Acabamos o século como o iniciámos o outro: venerando o dinheiro. Nele reencontrámos a grande baliza entre pessoas que contam. Com uma diferença: se ontem o ser-se rico era pecado glorioso, hoje é glória sem pecado.
O direito do mais fraco á inveja já não é ponto de partida para a virtude revolucionária, é isso mesmo: apenas um sinal de fraqueza. De nada nos valem os contrapoderes que eram, cada uma á sua maneira, as duas tentaculares igrejas. A comunista agoniza. Ambas, para sobreviver, têm de se adaptar ás circunstâncias. E, se continuam a condenar a gula, amaldicioam cada vez menos a acumulação do capital (claro, «em democracia»).
É uma síndrome própria de sociedades de mercado, anematizadas durante décadas pela dupla Romas-Moscovo. Impulsionadores do «time is money», os anglo-saxónicos de ambos os lados do Atlântico habituaram-se há muito ao individualismo da acumulação. Mas, mais para sul, o «salto» é notório: o dinheiro discreto tranforma-se no dinheiro insolente. Em França, acaba de motivar um livro (L’Argent Fou, de Alain Minc); em Espanha, matéria não falta; em Moçambique, por enquanto, dá para este glossário:
BOLSA- Um dos primeiros sinais. Assustado com tantas fortunas rápidas, os LIDERES mundias ajudaram o «crash» da decada. Mesmo êxitos «produtivo» não passam de uma OPV desses bons tempos.
CARTÕES- Dourados, são a apoteose do novo-rico. A banca, distribuindo-os por amizades de gerentes, banalizou-os. Mas os bancos privados põem tudo no seu lugar: o saldo médio é uma espécie de padrão-ouro.
CASAS- No séc. XXI, a par da corrente e dos «cachuchos», eram o primeiro sinal de dinheiro jovem. Agora, aparecem logo a seguir ao carro de cem mil “dólares”, ao fato italiano e aos «borrachos». A actual fornada de ricos segue de algum modo o modelo arquitectónico das Quintas antigas. Ou seja, de uma maneira geral, as casas dos nossos milionários não ultrapassam as da classe média na Alemanha.
SADAC – NEPAD - Uma das melhores desculpas para o frenesim do dinheiro e para certos embustes:«Você duvida? Então espere pelo Mercado Único».
DOUTORES- por essas empresas, há bem mais Drs. que «canudos».
GRAVATA- Obrigatória. O laço á Baptista-Bastos dá muito nas vistas.
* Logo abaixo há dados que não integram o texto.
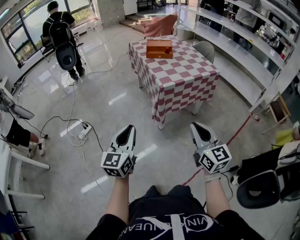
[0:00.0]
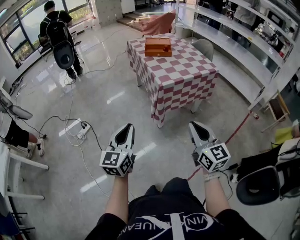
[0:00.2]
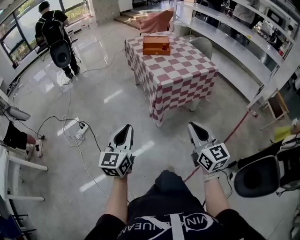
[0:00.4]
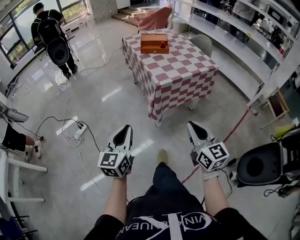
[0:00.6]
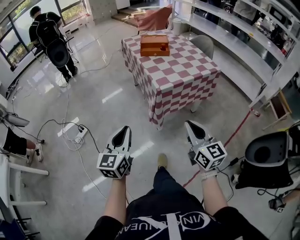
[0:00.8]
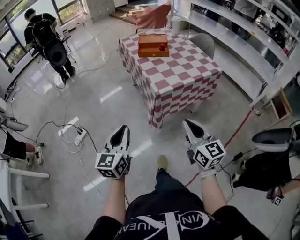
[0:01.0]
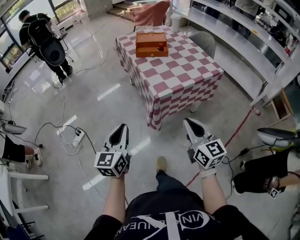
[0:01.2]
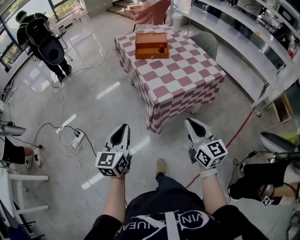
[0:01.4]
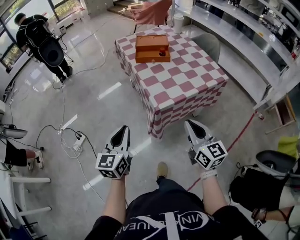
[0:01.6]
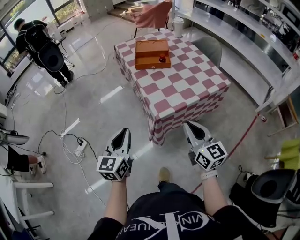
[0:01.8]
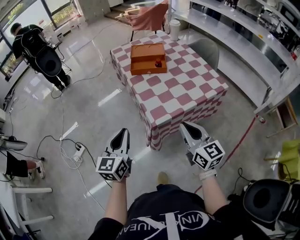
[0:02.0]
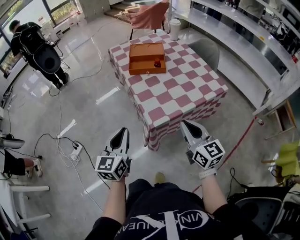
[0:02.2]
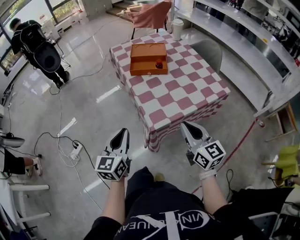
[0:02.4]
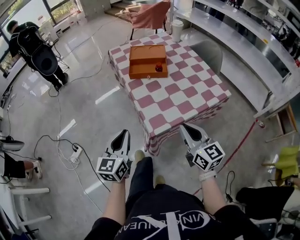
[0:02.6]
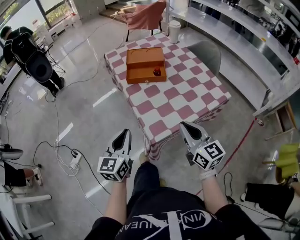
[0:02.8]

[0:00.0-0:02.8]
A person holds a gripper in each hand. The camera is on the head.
0:00.0 to 0:01.4: Both grippers travel together forward, some 25 cm.
0:01.4 to 0:02.8: The grippers both shift forward by some 20 cm.

HIPÓCRITAS- A má consciência do «homem de esquerda» bem sucedido ou do religioso rico que acabou de ler a bíblia ou alcorão traduz-se,
cada vez menos, em pensar nos pobrezinhos. As virtudes tendem a escassear? Reconheçamo-lo: a hipocrisia também.
IMPOSTOS- quanto menos forem as hipóteses de lhes fugir, menos serão os motivos para disfarçar a riqueza.
INVEJA- A enorme classe média, aumentada pelo 25 de Junho, reencontra certas agruras da desigualdade. A consciência do pouco que se tem é maior face á ostentação do vizinho que, ainda há dois ou três anos, também só tinha um carro da série “troca-passo”
MARGENS- Mais do que nunca, o prestígio do artista plástico calcula-se pelo preço dos quadros e do ficcionista pelo número de livros vendidos. A exemplo de Adelino Timótio, ainda vamos ter Mia Couto, S.A.
MITOS- O empresário tornou-se figura emblemática. Sucede de algum modo ao intelectual-monumento do pós-guerra. Chame-se MBS, TEXEIRA ou centenas de outros nomes, ele rivaliza com as «stars» audiovisuais ou das novelas (tendo a vantagem de as poder contratar). E também rivaliza com os políticos, que adoram passar por bons gestores.
MORAL- vale tudo menos tirar o olho
SABER- Com a hemogenia da nobreza, predominava o ser; com a dos industriais, o ter; com a dos doutores, o saber. Mas de pouco lhes valerá, se não estiverem á frente de uma empresa, ou se os seus pareceres profissionais não significarem negócios dignos do nome.
VIGÁRIOS - Os verdadeiros são como os agentes secretos. Apenas os reconhecemos, depois de nos terem enganado. E têm outra vantagem a de nunca dizer, com hipocrisia:«Só faço isto, porque preciso de ganhar dinheiro.»